--- EXERCISE BRIEF ---
Starting at the line that contains "This image arrives 0.5 seconds after image 1.", please transcribe every line through the end of the entries, exactly and with no pictures.

"""

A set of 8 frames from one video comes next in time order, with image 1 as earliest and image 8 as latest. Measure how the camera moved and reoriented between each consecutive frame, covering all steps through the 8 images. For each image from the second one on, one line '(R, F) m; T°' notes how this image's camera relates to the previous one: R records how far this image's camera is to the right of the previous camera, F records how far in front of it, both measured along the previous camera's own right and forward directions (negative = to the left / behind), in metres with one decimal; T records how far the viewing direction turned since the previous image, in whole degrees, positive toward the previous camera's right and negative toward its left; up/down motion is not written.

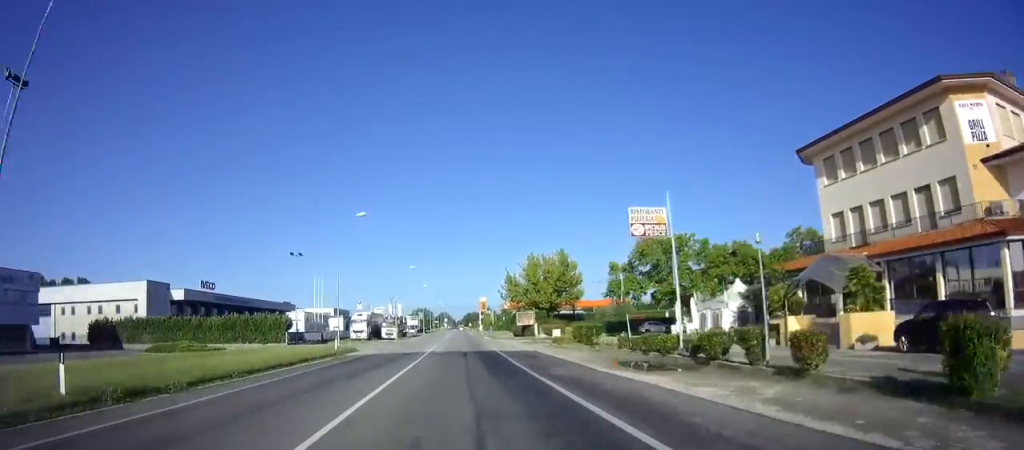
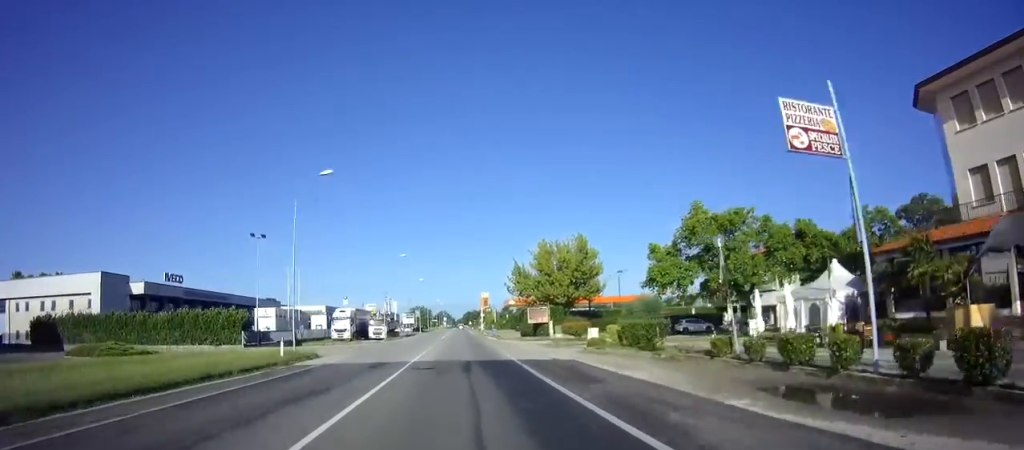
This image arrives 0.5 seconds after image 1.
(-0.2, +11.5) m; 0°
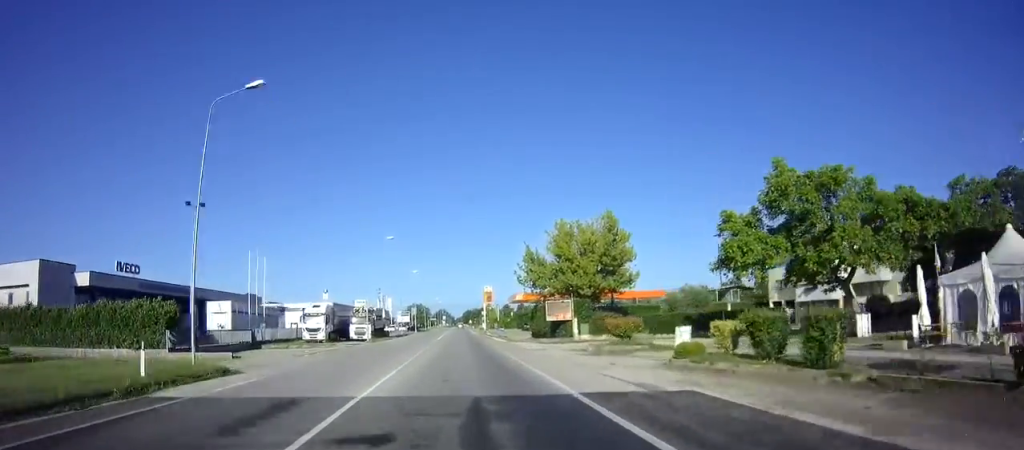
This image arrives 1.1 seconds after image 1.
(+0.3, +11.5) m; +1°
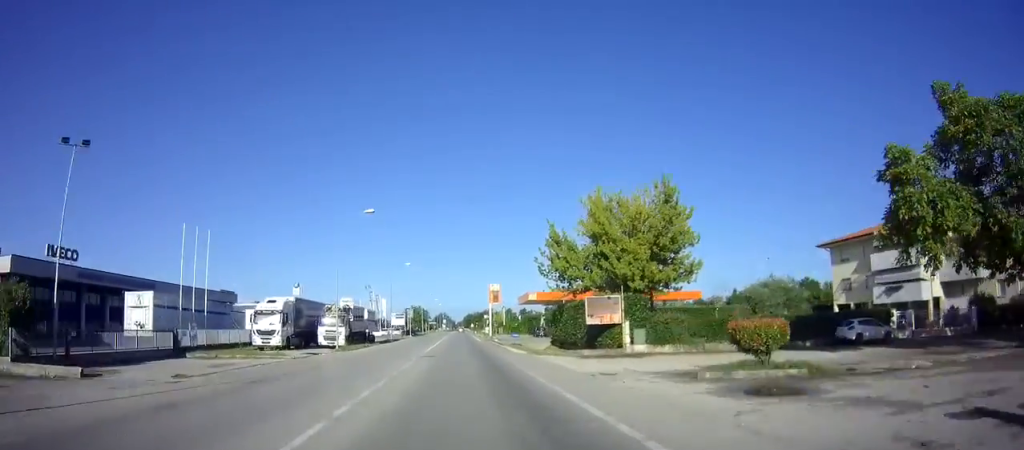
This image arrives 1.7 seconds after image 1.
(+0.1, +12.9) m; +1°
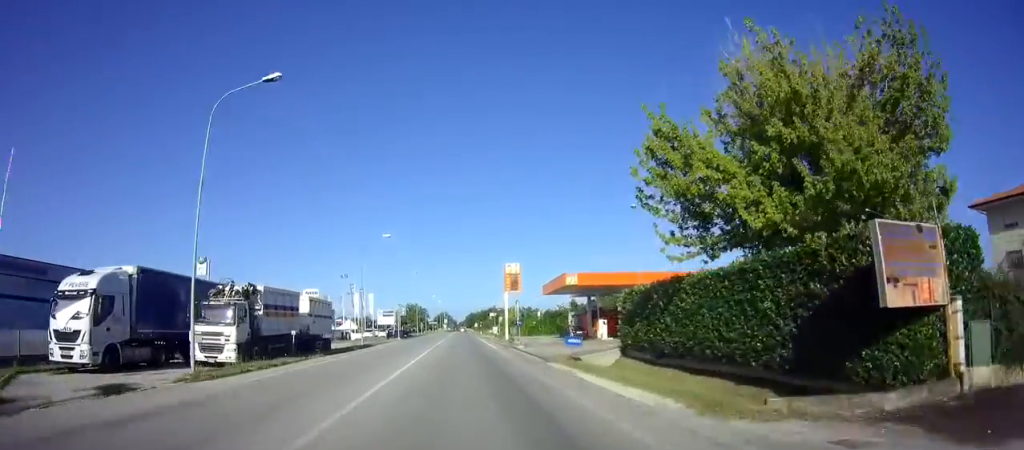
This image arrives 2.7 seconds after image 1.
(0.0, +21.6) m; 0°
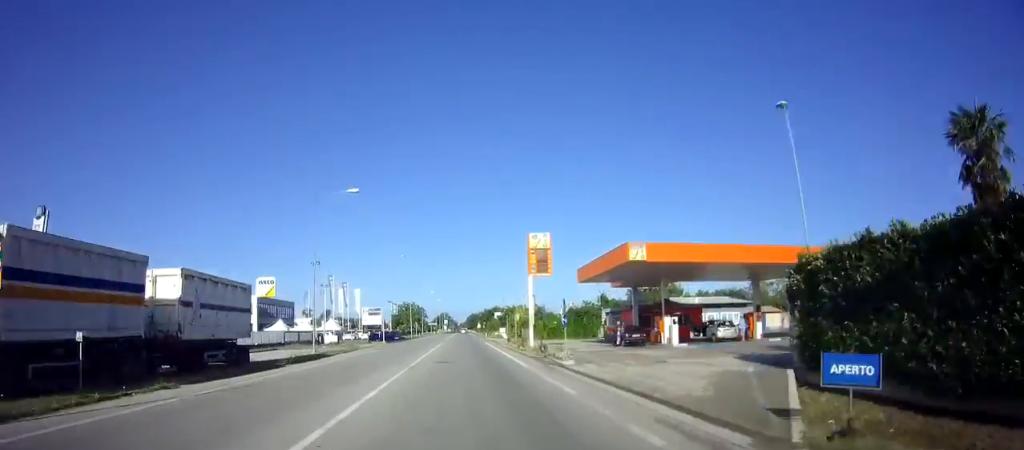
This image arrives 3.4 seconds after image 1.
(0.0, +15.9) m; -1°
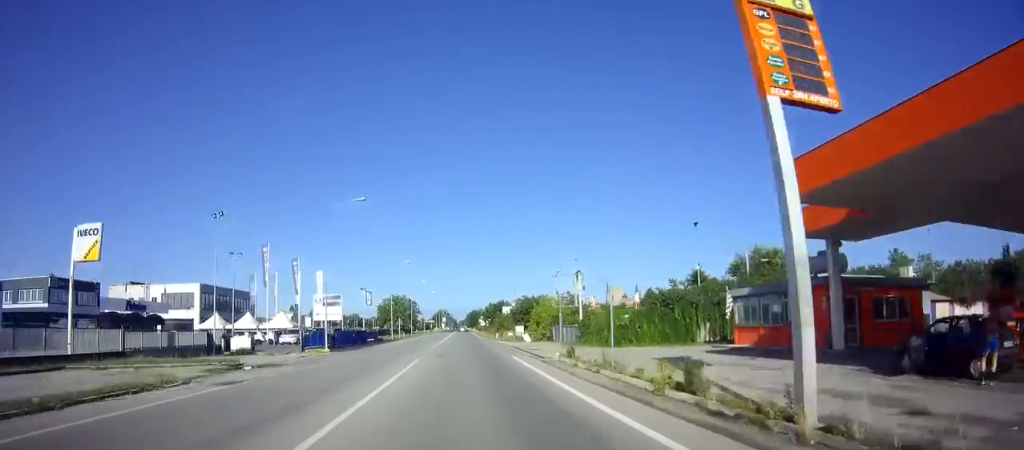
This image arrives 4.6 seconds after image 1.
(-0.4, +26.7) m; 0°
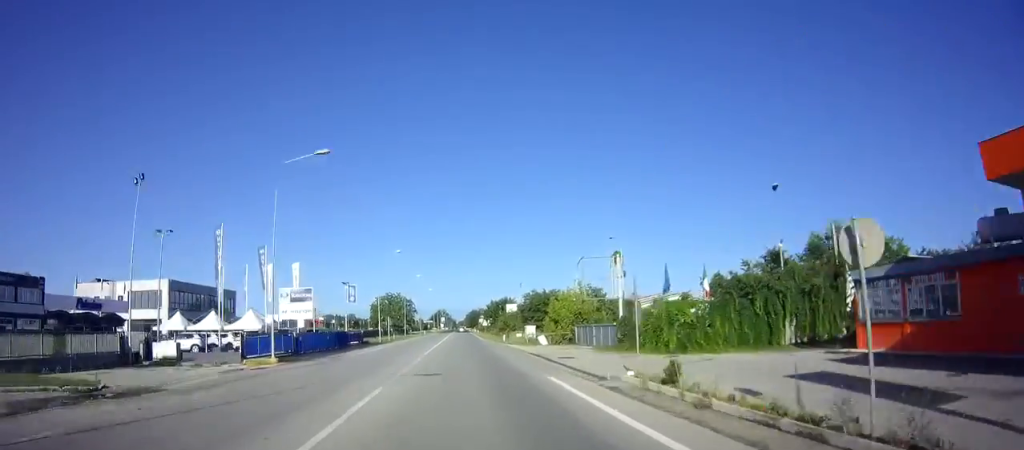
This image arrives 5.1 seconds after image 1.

"""

--- ANSWER TO THIS EXERCISE ---
This image arrives 0.5 seconds after image 1.
(-0.2, +11.5) m; 0°
This image arrives 1.1 seconds after image 1.
(+0.3, +11.5) m; +1°
This image arrives 1.7 seconds after image 1.
(+0.1, +12.9) m; +1°
This image arrives 2.7 seconds after image 1.
(0.0, +21.6) m; 0°
This image arrives 3.4 seconds after image 1.
(0.0, +15.9) m; -1°
This image arrives 4.6 seconds after image 1.
(-0.4, +26.7) m; 0°
This image arrives 5.1 seconds after image 1.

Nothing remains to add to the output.